In Thomas Edisons Winterlabor

In the harsh winter of 1885, inventor Thomas Edison was looking for some sun. To escape the cold of New Jersey, he had to move further and further south, all the way to Fort Myers, Florida.

The perfect place for scientists

Fort Myers then had a population of no more than 200 – ideal for an inventor to focus on. On the banks of the Caloosahatchee River, on pastureland, Edison's winter laboratory was built; Florida's premier research and development center. It became the scene of his last major project.

By the time Edison got to Florida, he had already helped the incandescent light bulb take off with light switches, power plants, and electric meters. He had developed the phonograph, which could record and reproduce sound using a cylinder. Technological advances brought with them completely new possibilities.

"First the pier was built to face the water," says Taylor, who shows tourists around the houses and gardens. "The wooden houses were produced in Fairfield, Maine. There they were completely assembled, then dismantled, shipped to Florida on six steamboats, brought across the pier and finished."

The blue-grey wooden houses have two floors; the ground floor is surrounded by expansive verandas with bright red canopies and tall palm trees. Inside, dignified bourgeois style with dark wooden floors, a grand piano, desks and a large dining room.

Only attended school for a short time

None of this was foreseeable: Born in 1847 as the seventh child of a family in Ohio, Thomas Edison only attended school for a short time. His mother did the rest. First job at twelve: as a train attendant selling sweets and newspapers.

It was only his work as a telegraph operator, his understanding of the technology, ideas and contacts with investors that helped him, his companies and research laboratories to rise worldwide.

Tests with thousands of plants

There were enough tasks: At the end of the 1920s, for example, there was growing concern in the USA that it was too dependent on rubber imports from abroad. Edison founds the Botanical Research Society. It will be his last project that will challenge the entire family.

"The Edisons didn't leave Fort Myers until June 1931," says guide Taylor. Because Thomas Edison is pursuing one of his last research tasks: He is looking for a plant for the production of rubber in the USA.

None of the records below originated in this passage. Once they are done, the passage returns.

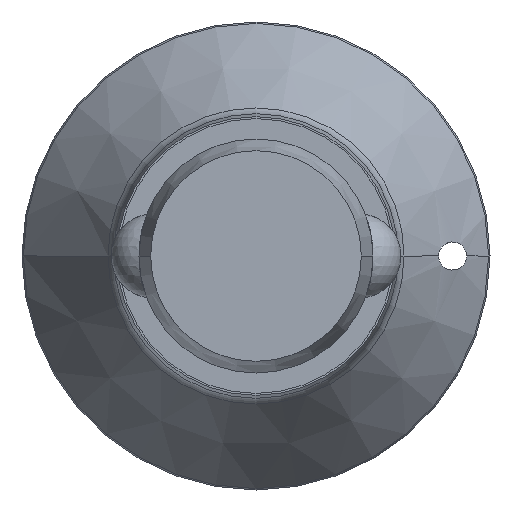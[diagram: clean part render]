
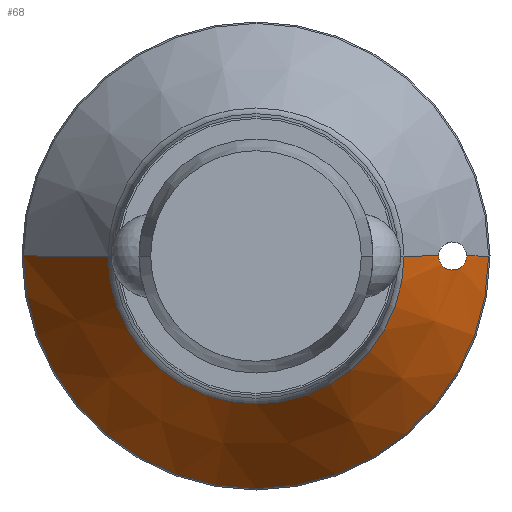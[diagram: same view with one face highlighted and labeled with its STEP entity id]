
A CAD part, front view. The second image highlights one B-rep face of the part: STEP entity #68.
In plain terms, the highlighted conical face has half-angle 32.21 degrees and reference radius 20.331 mm.
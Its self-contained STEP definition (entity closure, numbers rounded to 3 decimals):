
#68=ADVANCED_FACE('',(#160),#161,.T.);
#160=FACE_OUTER_BOUND('',#276,.T.);
#161=CONICAL_SURFACE('',#277,20.331,0.562);
#276=EDGE_LOOP('',(#408,#409,#410,#411,#412,#413));
#277=AXIS2_PLACEMENT_3D('',#414,#415,#416);
#408=ORIENTED_EDGE('',*,*,#695,.F.);
#409=ORIENTED_EDGE('',*,*,#696,.T.);
#410=ORIENTED_EDGE('',*,*,#697,.F.);
#411=ORIENTED_EDGE('',*,*,#683,.F.);
#412=ORIENTED_EDGE('',*,*,#698,.F.);
#413=ORIENTED_EDGE('',*,*,#699,.T.);
#414=CARTESIAN_POINT('',(0.,46.1,0.));
#415=DIRECTION('',(-0.0,1.0,0.));
#416=DIRECTION('',(1.0,0.0,0.0));
#683=EDGE_CURVE('',#799,#797,#804,.T.);
#695=EDGE_CURVE('',#822,#823,#824,.T.);
#696=EDGE_CURVE('',#822,#825,#826,.T.);
#697=EDGE_CURVE('',#797,#825,#827,.T.);
#698=EDGE_CURVE('',#828,#799,#829,.T.);
#699=EDGE_CURVE('',#828,#823,#830,.T.);
#797=VERTEX_POINT('',#963);
#799=VERTEX_POINT('',#965);
#804=CIRCLE('',#970,24.846);
#822=VERTEX_POINT('',#1008);
#823=VERTEX_POINT('',#1009);
#824=LINE('',#1010,#1011);
#825=VERTEX_POINT('',#1012);
#826=CIRCLE('',#1013,15.816);
#827=LINE('',#1014,#1015);
#828=VERTEX_POINT('',#1016);
#829=LINE('',#1017,#1018);
#830=B_SPLINE_CURVE_WITH_KNOTS('',3,(#1019,#1020,#1021,#1022,#1023,#1024,#1025,#1026,#1027,#1028,#1029,#1030,#1031,#1032,#1033,#1034,#1035,#1036,#1037,#1038),.UNSPECIFIED.,.F.,.F.,(4,2,2,2,2,2,2,2,2,4),(0.342,0.37,0.398,0.481,0.684,0.791,0.897,0.95,0.977,1.003),.UNSPECIFIED.);
#963=CARTESIAN_POINT('',(-24.846,53.267,0.));
#965=CARTESIAN_POINT('',(24.846,53.267,0.));
#970=AXIS2_PLACEMENT_3D('',#1404,#1405,#1406);
#1008=CARTESIAN_POINT('',(15.816,38.932,0.));
#1009=CARTESIAN_POINT('',(19.5,44.781,0.));
#1010=CARTESIAN_POINT('',(20.331,46.1,0.));
#1011=VECTOR('',#1422,1.0);
#1012=CARTESIAN_POINT('',(-15.816,38.932,0.));
#1013=AXIS2_PLACEMENT_3D('',#1423,#1424,#1425);
#1014=CARTESIAN_POINT('',(-20.331,46.1,0.));
#1015=VECTOR('',#1426,1.0);
#1016=CARTESIAN_POINT('',(22.5,49.543,0.));
#1017=CARTESIAN_POINT('',(20.331,46.1,0.));
#1018=VECTOR('',#1427,1.0);
#1019=CARTESIAN_POINT('',(22.5,49.543,0.));
#1020=CARTESIAN_POINT('',(22.5,49.543,-0.092));
#1021=CARTESIAN_POINT('',(22.491,49.529,-0.192));
#1022=CARTESIAN_POINT('',(22.454,49.475,-0.379));
#1023=CARTESIAN_POINT('',(22.427,49.435,-0.468));
#1024=CARTESIAN_POINT('',(22.309,49.259,-0.773));
#1025=CARTESIAN_POINT('',(22.159,49.034,-0.971));
#1026=CARTESIAN_POINT('',(21.69,48.325,-1.407));
#1027=CARTESIAN_POINT('',(21.253,47.65,-1.522));
#1028=CARTESIAN_POINT('',(20.705,46.777,-1.483));
#1029=CARTESIAN_POINT('',(20.502,46.451,-1.431));
#1030=CARTESIAN_POINT('',(20.118,45.822,-1.233));
#1031=CARTESIAN_POINT('',(19.937,45.52,-1.088));
#1032=CARTESIAN_POINT('',(19.714,45.145,-0.783));
#1033=CARTESIAN_POINT('',(19.64,45.02,-0.653));
#1034=CARTESIAN_POINT('',(19.56,44.883,-0.427));
#1035=CARTESIAN_POINT('',(19.538,44.845,-0.346));
#1036=CARTESIAN_POINT('',(19.508,44.794,-0.177));
#1037=CARTESIAN_POINT('',(19.5,44.781,-0.089));
#1038=CARTESIAN_POINT('',(19.5,44.781,0.));
#1404=CARTESIAN_POINT('',(0.,53.267,0.));
#1405=DIRECTION('',(-0.0,1.0,0.));
#1406=DIRECTION('',(1.0,0.0,0.0));
#1422=DIRECTION('',(0.533,0.846,0.));
#1423=CARTESIAN_POINT('',(0.,38.932,0.));
#1424=DIRECTION('',(-0.0,1.0,0.));
#1425=DIRECTION('',(1.0,0.0,0.0));
#1426=DIRECTION('',(0.533,-0.846,0.));
#1427=DIRECTION('',(0.533,0.846,0.));

Edison brings 17,000 different plants to Fort Myers to test them. Which one is good for production? Goldenrods seem promising. But in the middle of the research, Edison dies. A few months after his death, the DuPont company launched a competing synthetic product, neoprene.

Edison's research center in Fort Myers is closing forever. Today the labs are an official historic landmark of chemistry in the United States.